▶ **Requirement**: Skip all pictures. Write out the data below from its first line through the line that contains "Letters rest on".

○ ○ ○ ○ ○ ○ ○

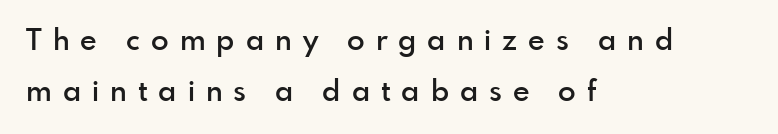
{"serif": "no", "italic": "no", "bold": "semi", "weight": "semibold", "width": "normal", "x_height": "small", "monospaced": "no", "underline": "no", "align": "left", "line_spacing_ratio": 1.76, "letter_spacing": "wide", "letter_spacing_em": 0.38, "glyph_px": 29}
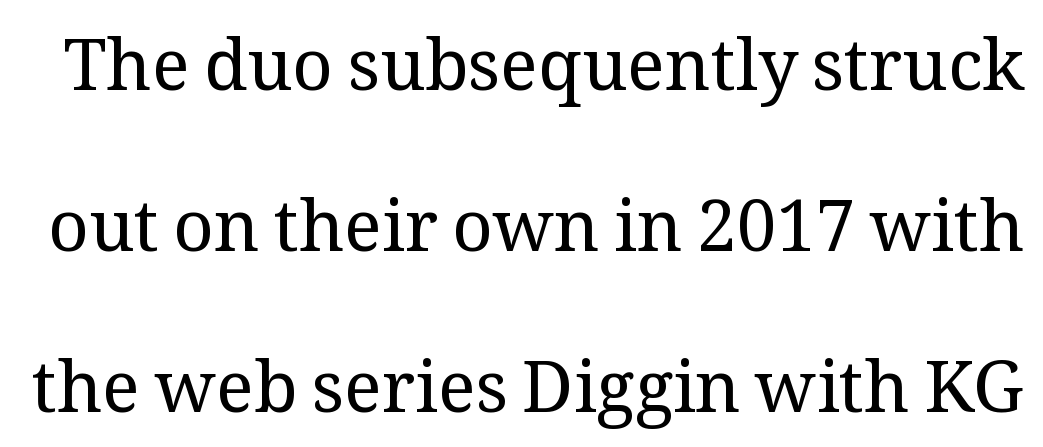
Letters rest on an invisible, unmarked baseline. A typesetter would call this zero additional tracking. Honestly, the rows look like they've been pulled way apart. Quick note: not italic, upright.
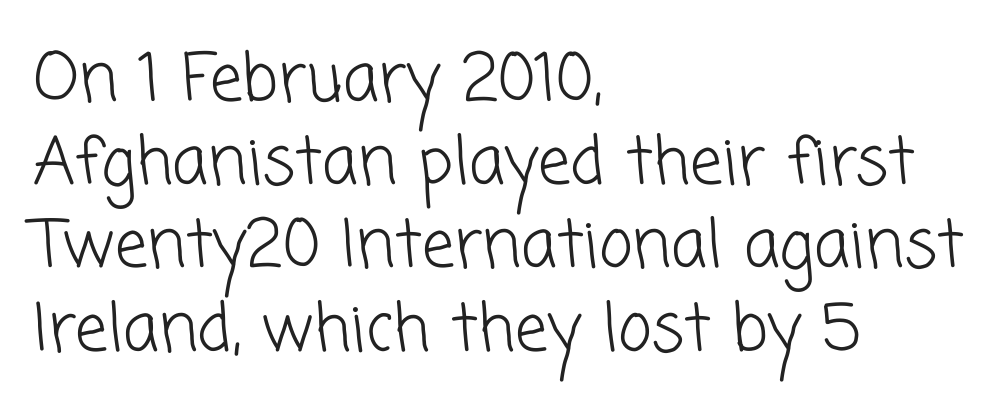
A typesetter would call this zero additional tracking. Interline gaps are of average width in this sample. All the whitespace from short lines collects on the right. The string is rendered with underlining switched off. A light-to-regular cut is what we see here. Regarding serifs, this sample does without them.
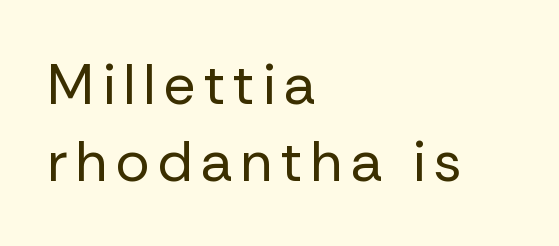
The image shows 57 px regular-weight sans-serif type, upright; set left-aligned, normal line spacing (1.35x), not underlined; low stroke contrast and a medium x-height.
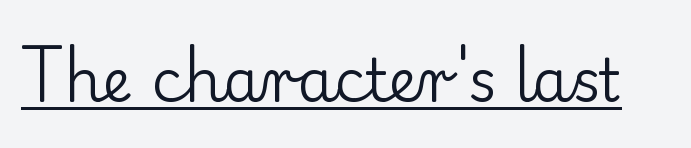
The glyphs are accompanied by a horizontal stroke just below them. Letters have the restrained weight of plain body copy at most. The typography opts for an upright posture over an oblique one. The typeface chosen for these lines features serifs.
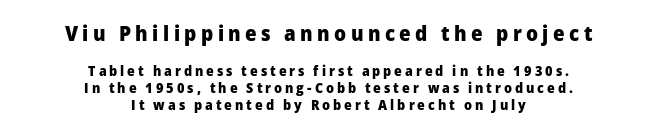
{"italic": "no", "bold": "yes", "underline": "no", "align": "center", "line_spacing_ratio": 1.23, "letter_spacing": "wide", "letter_spacing_em": 0.21, "larger_block": "first", "size_ratio": 1.5, "glyph_px": 21}
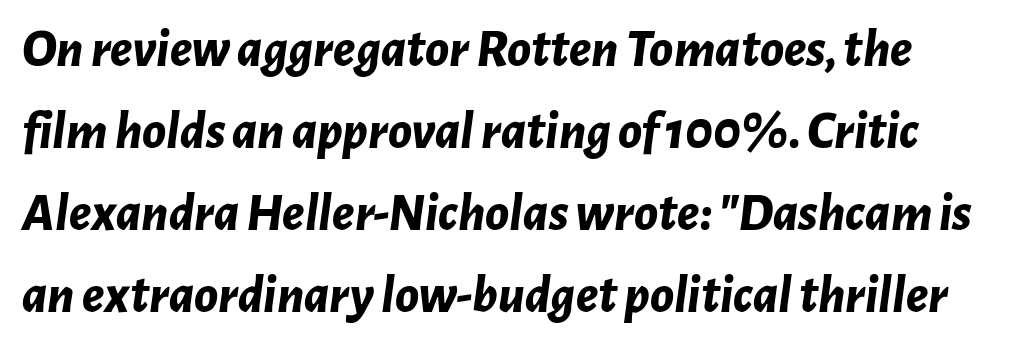
The zone under the glyphs is completely vacant. The type is set solid horizontally, with unmodified tracking. The axis of the letterforms is tilted away from vertical. Do the characters align in a grid? No, the font is proportional.

○ ○ ○ ○ ○ ○ ○

▶ **Answer section**:
{"serif": "no", "italic": "no", "bold": "semi", "weight": "semibold", "width": "normal", "x_height": "small", "monospaced": "no", "underline": "no", "align": "left", "line_spacing_ratio": 1.76, "letter_spacing": "wide", "letter_spacing_em": 0.38, "glyph_px": 29}
Letters rest on an invisible, unmarked baseline. A typesetter would call this zero additional tracking. Honestly, the rows look like they've been pulled way apart. Quick note: not italic, upright.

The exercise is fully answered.